Tatort-Kritik „Vom Himmel hoch“ - So ist der neue Lena-Odenthal-Tatort
Der Lena-Odenthal-Tatort „Vom Himmel hoch“ will viel und verliert dabei das Wichtigste aus den Augen. Bei einem hochambitionierten Themenpotpourri kommt dem Tatort der Faden für eine gute Geschichte abhanden.
In dem Krimi geht es um nicht weniger als moderne Kriegsführung mit Kampfdrohnen, posttraumatischen Belastungsstörungen von Tätern und Opfern, einen erschlagenen Psychologen, ein geplantes Attentat auf einen Staatssekretär im US-Verteidigungsministerium und natürlich um zwischenmenschliche Schwierigkeiten im Ludwigshafener Ermittlerteam.
Das Themenwirrwarr wird mit einer illustren Ansammlung an Charakteren aufgefüllt. Da wären unter anderem eine Psychologin mit Putzzwang, die eine Affäre mit ihrer Geigenlehrerin pflegt und ihr eifersüchtiger Ehemann, der nichts von ebenjener Affäre ahnt.

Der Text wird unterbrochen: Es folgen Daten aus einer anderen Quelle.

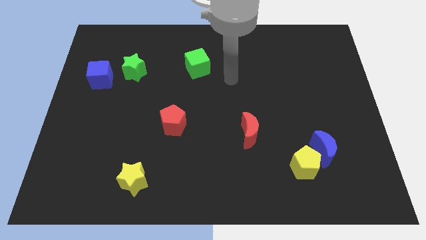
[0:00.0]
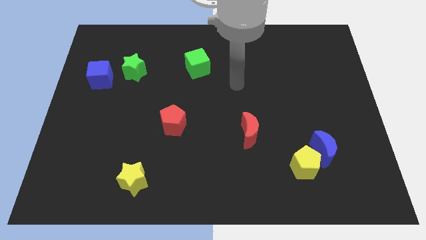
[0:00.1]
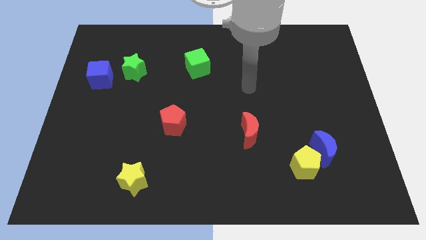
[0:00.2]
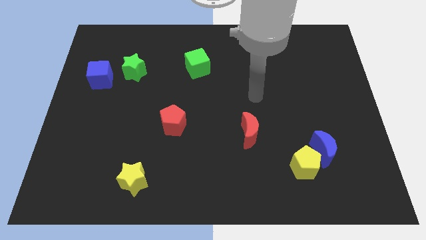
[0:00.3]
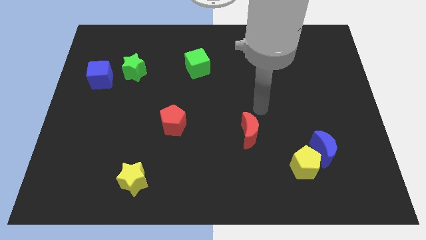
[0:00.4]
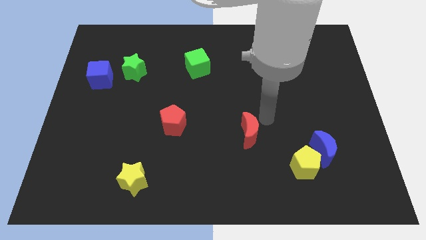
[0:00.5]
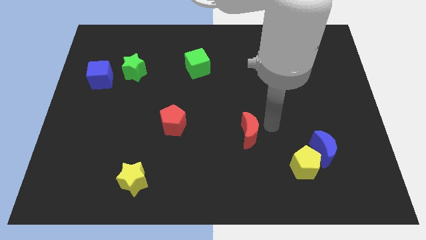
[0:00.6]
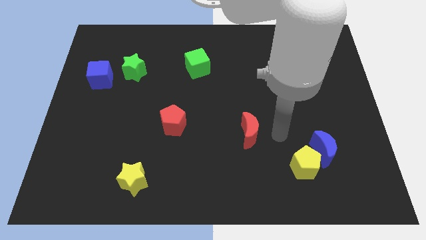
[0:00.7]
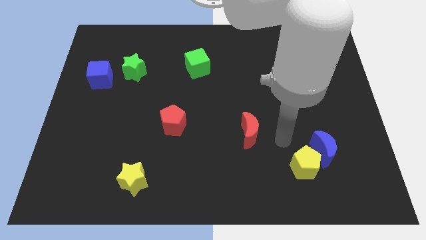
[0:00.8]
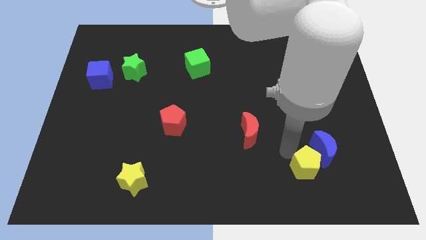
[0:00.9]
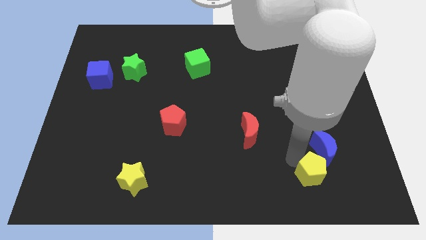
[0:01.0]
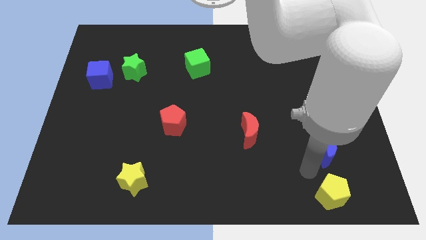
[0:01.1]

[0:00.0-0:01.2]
move the blue moon away from the yellow pentagon

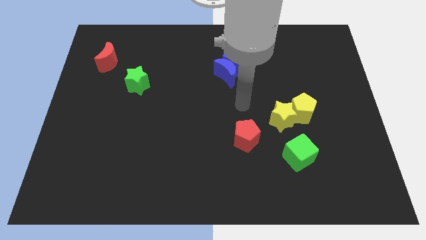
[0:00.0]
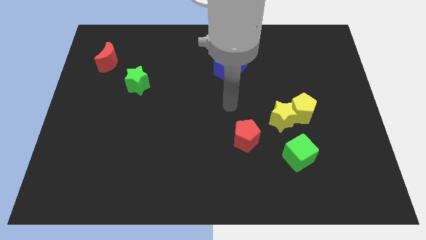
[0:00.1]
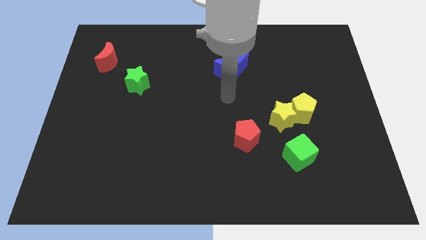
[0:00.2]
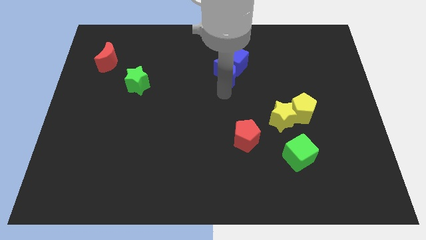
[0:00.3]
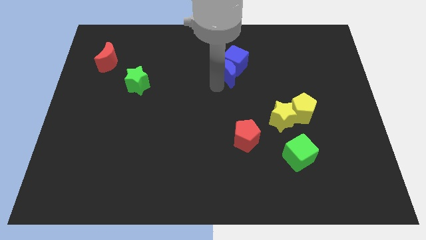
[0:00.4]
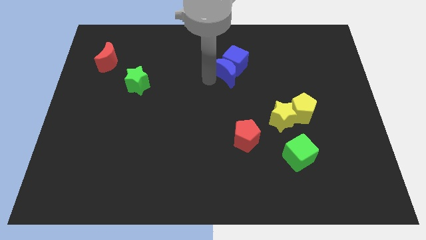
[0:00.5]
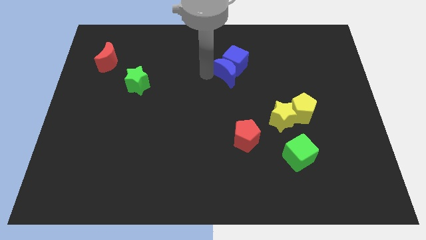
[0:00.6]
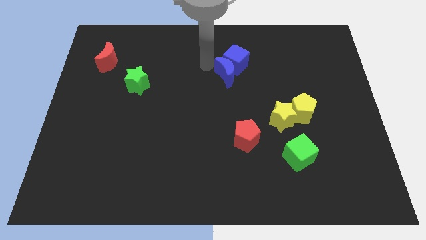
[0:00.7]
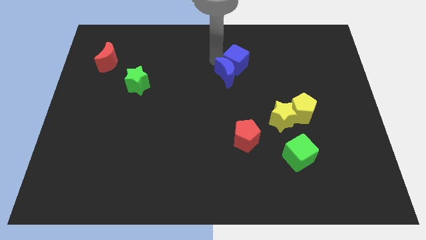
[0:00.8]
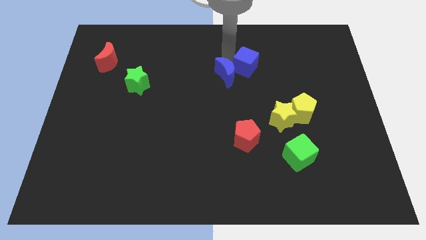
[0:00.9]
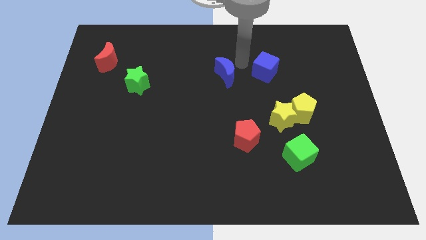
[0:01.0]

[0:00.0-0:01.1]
separate the blue moon from the blue cube

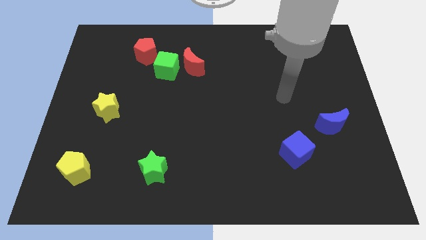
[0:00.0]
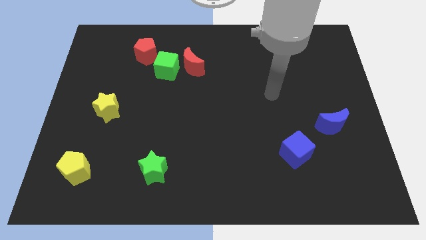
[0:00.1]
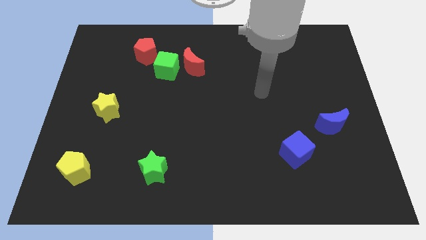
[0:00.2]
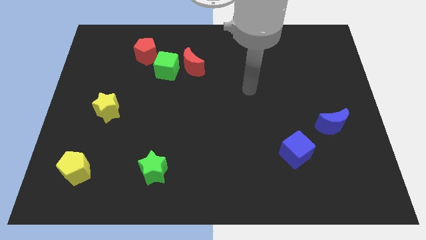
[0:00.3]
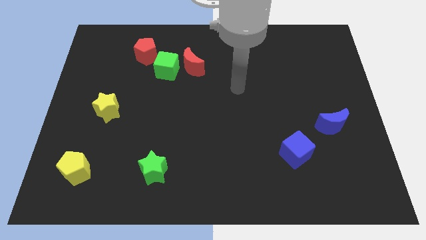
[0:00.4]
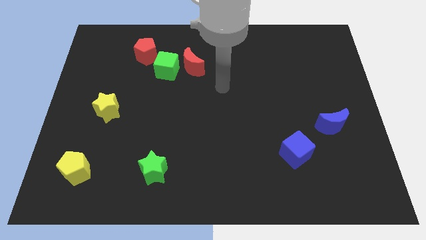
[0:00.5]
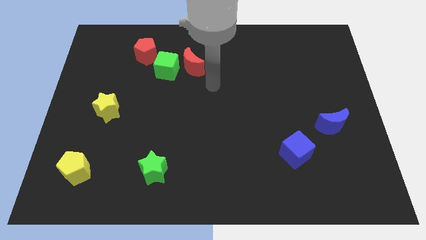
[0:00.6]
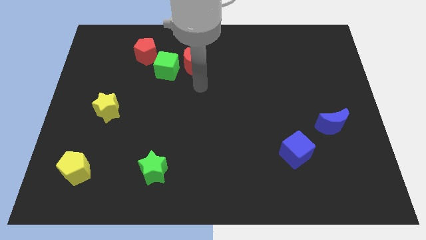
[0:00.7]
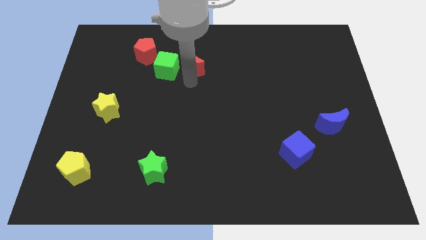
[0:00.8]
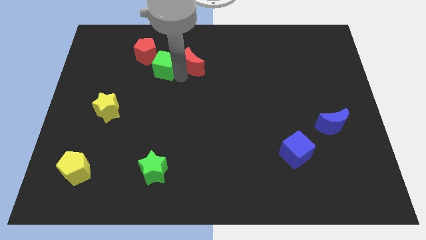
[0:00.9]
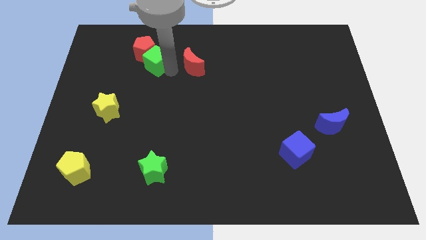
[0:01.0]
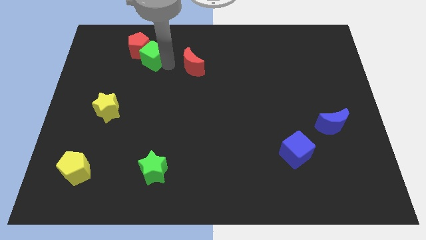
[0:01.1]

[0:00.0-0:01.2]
separate the red moon from the green cube

Der ermordete Psychologe Dr. Steinfeld, spezialisiert auf Fälle von posttraumatischer Belastungsstörung (PTBS). Er behandelte sowohl zivile, wie auch militärische Opfer von kriegerischen Auseinandersetzungen, darunter auch die traumatisierte US-Soldat Heather Miller von der Ramstein Air Base. Steinfeld hatte aber auch den Kurden Mirhat Rojan in Behandlung, der bei einem amerikanischen Drohnenangriff im Irak seine beiden Kinder verlor. Der ermordete Nervenarzt hatte ein „Interesse für Nachrichten“, welches sich dadurch auszeichnet, dass er Zeitungsartikel mit Kugelschreiber einkreist und Online-Artikel ausdruckt.
Zu all dem „neuen“ Personal kommt natürlich auch noch das Inventar des Kommissariats. Das komplizierte Miteinander von Hauptkommissarin Lena Odenthal und ihrer Kollegin Johanna Stern, die nicht nur den Mord aufklären, sondern auch einen geplanten Anschlag auf einen US.Staatssekretär verhindern müssen, nimmt neue Extreme an. Schließlich legt der Oberstaatsanwalt den Ermittlerinnen noch Steine in den Weg: „Wir halten hier bis heute Abend die Füße still, dann ist der Ami wieder weg und sie können hier in Ruhe fahnden.“ – „Das ist Scheiße, Herr Oberstaatsanwalt.“ Richtig, Frau Odenthal.
Eins haben alle Beteiligten gemein: Sie sind alle sehr Kaffeebedürftig (wahlweise Espresso). Es sind stressige Zeiten in Ludwigshafen.
Es braucht fast 60 Minuten, um alle Zusammenhänge vorzustellen und auch mindestens genauso lange, um einen ersten spannenden Moment zu präsentieren. Erst als Johanna Stern von der traumatisierten Drohnen-Soldatin Heather Mills überwältigt wird diese daraufhin mit geklautem Ausweis und Dienstwaffe zum Staatsempfang marschiert, tritt etwas Ähnliches wie Kurzweile ein.
Der Tatort „Vom Himmel hoch“ bietet ambitionierten Stoff, der perfekt in ein Serienformat passen würde. In einem 88 Minütigen Fernsehfilm bleibt aber kein Platz, um die einzelnen Figuren und die unzähligen Themen sinnvoll einzubinden. In all dem findet der Zuschauer keinen emotionalen Zugang zu dem abstrakten Thema Drohnenkrieg. Weniger ist manchmal eben doch mehr.